Los valores son las normas o principios que guían la forma de actuar, ser y pensar de los individuos y las sociedades. Con esta simple definición, es fácil reconocer la dimensión de lo que estamos perdiendo. Sin estos pilares, las decisiones y comportamientos humanos quedan expuestos al vaivén de modas, intereses momentáneos y caprichos individuales, en detrimento del bien común.
Uno de los valores que antaño estructuraba nuestra convivencia era el respeto. El respeto a los mayores, a los iguales, y en general, a todas las personas, era algo que los que vamos teniendo cierta edad aprendimos desde pequeños. Hoy parece desmoronarse. Sirva de ejemplo una anécdota que me contó una alumna hace apenas una semana: una señora mayor, cargada de bolsas de la compra, pasaba entre un grupo de jóvenes. Lejos de ayudarla o al menos ofrecerle su apoyo, los chicos se rieron de las pantuflas que llevaba, mofándose fuertemente con ese tono bobo y repugnante que nadie como un adolescente sabe reproducir. Este pequeño hecho ilustra una preocupante realidad: donde no hay valores, aflora un vacío que casi nunca es cubierto por algo bueno. Podrían los jóvenes haber pensado que a las personas mayores hay que respetarlas y, aunque no hubieran decidido ayudarla, podrían al menos haberse quedado con la boca cerrada. Pero no, en eso momento era quizá mejor reivindicarse como un salvaje.

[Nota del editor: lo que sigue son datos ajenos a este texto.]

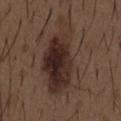follow-up — total-body-photography surveillance lesion; no biopsy | image — total-body-photography crop, ~15 mm field of view | image-analysis metrics — internal color variation of about 7.5 on a 0–10 scale and a peripheral color-asymmetry measure near 2.5; a nevus-likeness score of about 90/100 and a lesion-detection confidence of about 100/100 | size — about 11 mm | subject — male, aged 48 to 52 | illumination — white-light illumination | site — the chest.

Donde no hay valores, son otros los factores que rigen la conducta humana. En ausencia de esos principios básicos, la sociedad queda a merced de las tendencias más fáciles o lucrativas, perdiendo el norte de lo que realmente importa. Cuando no hay valores, la sociedad va a la deriva, dejándose arrastrar por cualquier corriente sin una dirección clara ni propósito colectivo.
Sin valores que definan qué es el bien y qué es el mal, la razón, que antaño estuvo al servicio de la comunidad, queda atrapada en percepciones individuales, fragmentando la búsqueda de un bien general. En este contexto, surgen ejemplos como el de la citada señora mayor: pequeñas acciones o inacciones que revelan el vacío de principios rectores en nuestra convivencia diaria.
Si buscamos la razón de este vacío, podemos observar que la sociedad actual parece haber renunciado a la herencia que la ha traído hasta aquí. Quien rechaza su pasado, su tradición, está condenado a, en algún momento, volver a inventar el fuego o la rueda. Hemos heredado valores que, aunque haya a quien no le parezcan perfectos, ofrecían una base sólida para construir comunidades más cohesionadas, con un sentido claro de pertenencia y dirección.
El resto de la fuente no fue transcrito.